Marianne is also descended from the celebrated writer and journalist, Leopold Von Sacher-Masoch, a ‘fictional’ and ‘non-fictional’ writer, most famous for his work ‘Venus in Furs.’ The short novel expressed Sacher-Masoch’s fantasies and fetishes (especially for dominant women wearing fur). He did his best to live out his fantasies with his mistresses and wives and the term ‘masochism’ is actually derived from his name!
Eva came from a family of wealth living firstly on their estates in Transylvannia before moving to Vienna in 1918. The Von Sacher-Masoch family was both well-known and respected before World War Two.
Eva then moved to Berlin to work as a ballerina for the Max Reinhardt Company and performed in a number of famous
productions.
When World War Two broke out, Eva moved back to live with her parents in Vienna.

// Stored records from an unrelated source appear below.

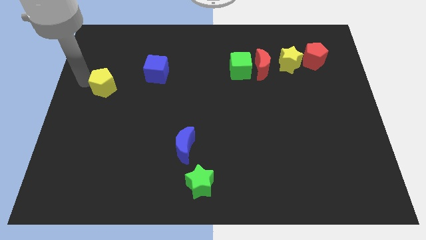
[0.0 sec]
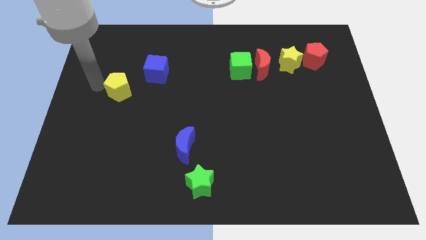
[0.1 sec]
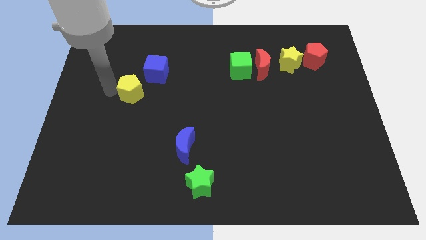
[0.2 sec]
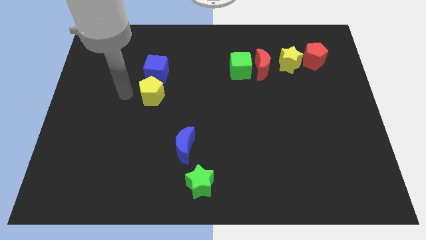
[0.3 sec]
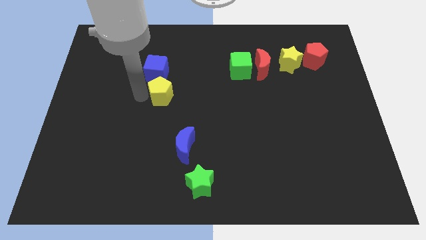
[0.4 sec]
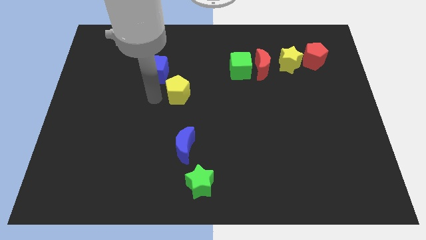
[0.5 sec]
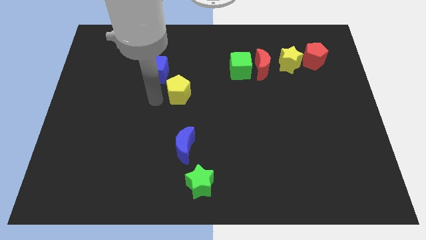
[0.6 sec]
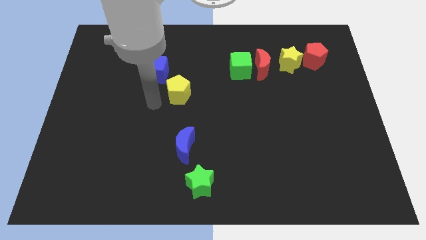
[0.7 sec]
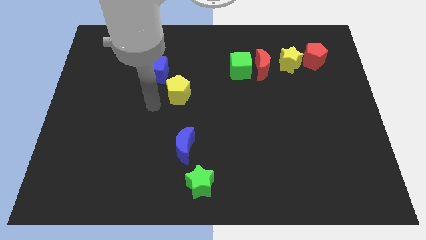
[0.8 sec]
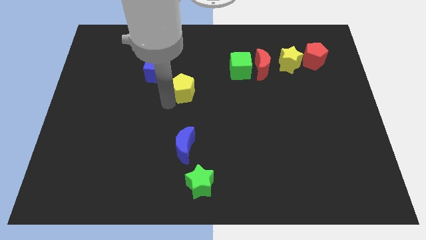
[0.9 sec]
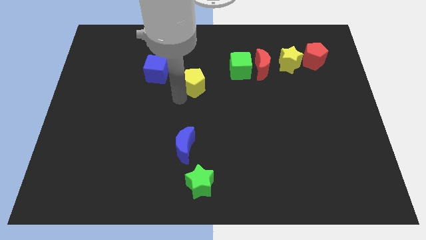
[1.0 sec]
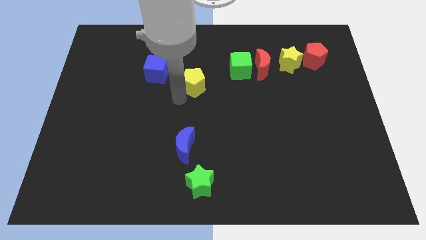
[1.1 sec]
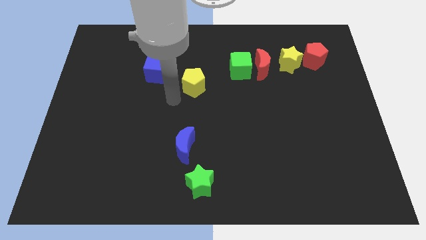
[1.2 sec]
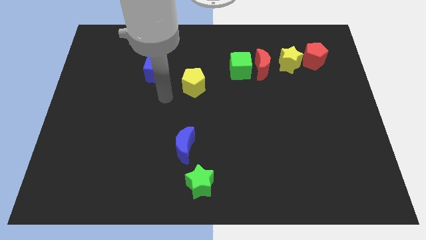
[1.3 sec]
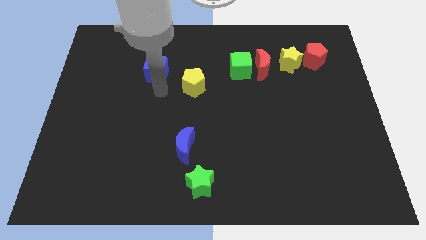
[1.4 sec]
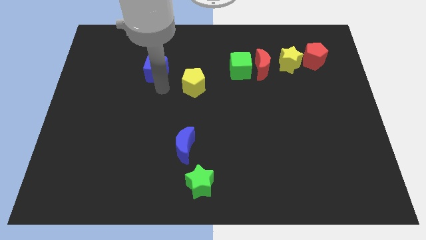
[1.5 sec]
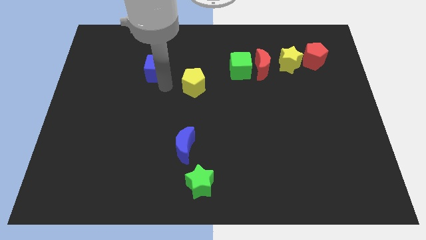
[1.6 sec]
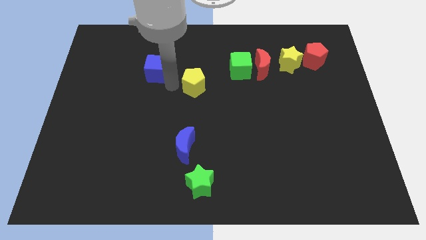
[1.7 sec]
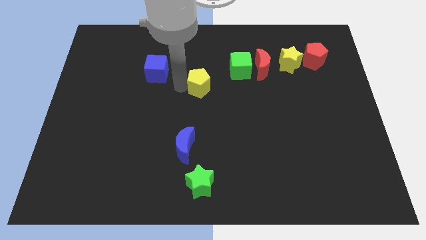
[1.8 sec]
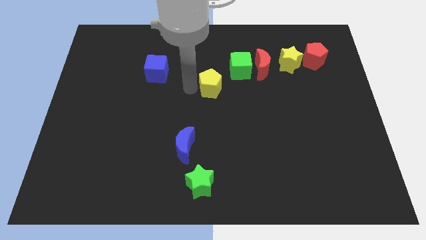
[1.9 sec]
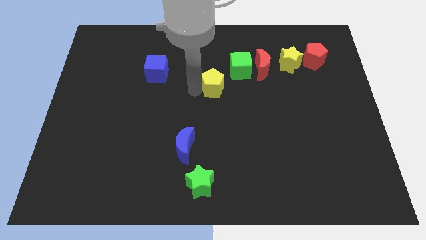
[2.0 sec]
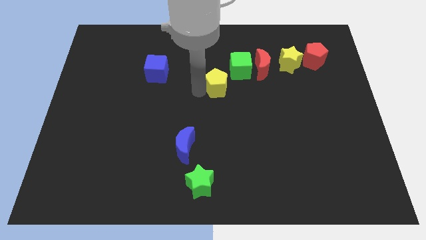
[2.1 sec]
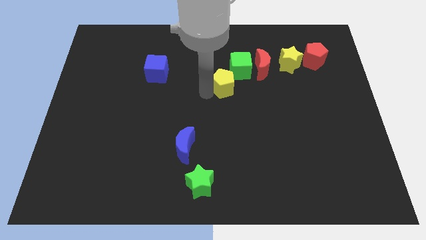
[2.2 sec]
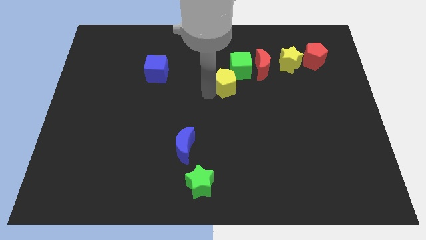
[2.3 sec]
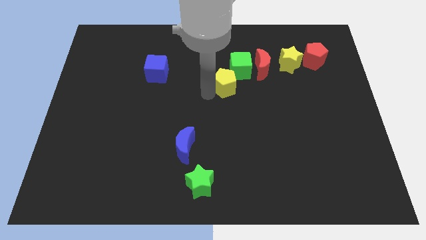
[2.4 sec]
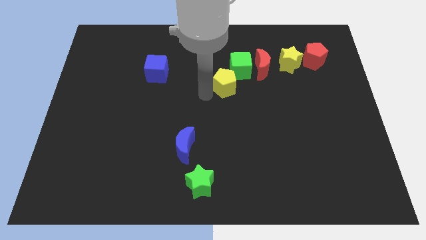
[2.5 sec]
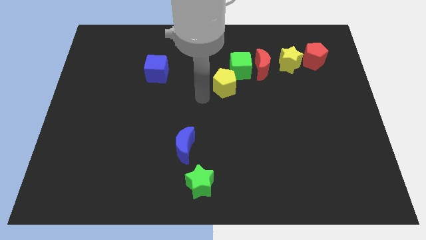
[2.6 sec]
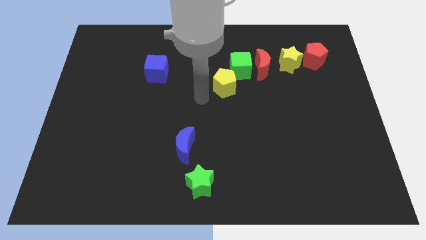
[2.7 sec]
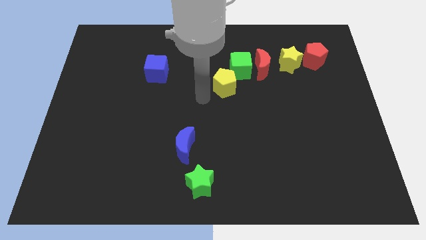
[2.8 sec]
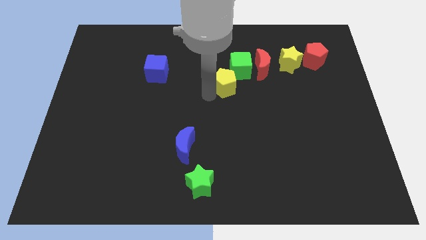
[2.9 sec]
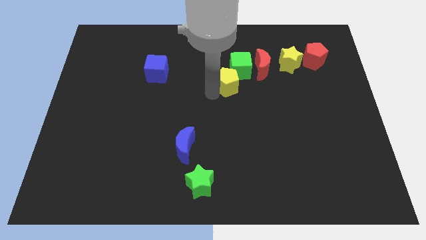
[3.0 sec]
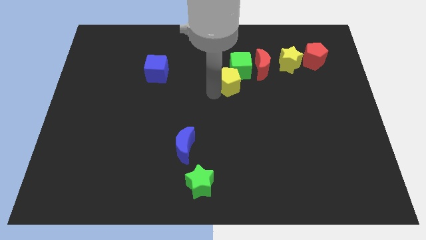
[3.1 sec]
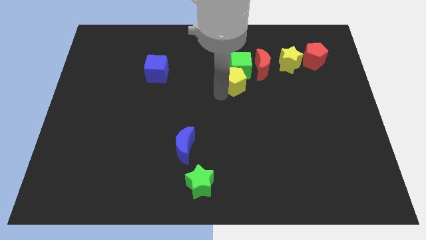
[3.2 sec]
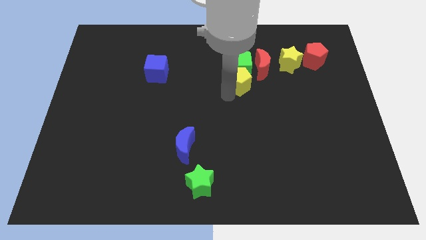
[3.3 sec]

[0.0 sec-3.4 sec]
move the yellow pentagon to the bottom of the green cube

Despite their
Jewish connection, Eva and her mother were not actively persecuted under the Nazis due to the war record of her
father and his status as a well-regarded Austrian writer (who worked under the pseudonym of Michael Zorn).

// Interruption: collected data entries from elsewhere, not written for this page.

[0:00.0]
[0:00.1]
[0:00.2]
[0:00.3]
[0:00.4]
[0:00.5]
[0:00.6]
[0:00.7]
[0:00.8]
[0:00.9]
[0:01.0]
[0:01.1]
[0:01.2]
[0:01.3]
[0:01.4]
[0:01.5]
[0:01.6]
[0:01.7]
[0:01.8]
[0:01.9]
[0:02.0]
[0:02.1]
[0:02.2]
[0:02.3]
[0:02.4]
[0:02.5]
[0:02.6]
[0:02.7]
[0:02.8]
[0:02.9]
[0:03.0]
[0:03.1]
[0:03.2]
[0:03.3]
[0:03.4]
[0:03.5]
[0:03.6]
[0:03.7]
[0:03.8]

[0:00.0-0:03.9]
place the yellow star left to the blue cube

Having opposed Hitler since the Anschluss, and witnessing atrocities against Jews in the streets of Vienna, Sacher-Masoch and her parents used their home to conceal Socialist pamphlets, narrowly evading detection by the Gestapo in an often precarious existence.
Eva and Flora were assaulted by Russian soldiers when they invaded Vienna in 1945 and the opportunity to escape with a British Army officer may have explained why both Eva and Flora eventually moved to Britain.
On TheGenealogist we can see Flora died in 1955 in Reading.
Her daughter, Eva died in 1991 and is buried in St Mary’s Churchyard, Aldworth, Berkshire.
The heroic resistance of her ancestors in Nazi occupied Europe and their defiance and then horrific experiences under the invasion of the Russians in 1945 may explain both the enduring strength and the troubled life Marianne Faithfull has led over the years after finding fame at a young age but also the fact she has managed to bounce back on numerous occasions.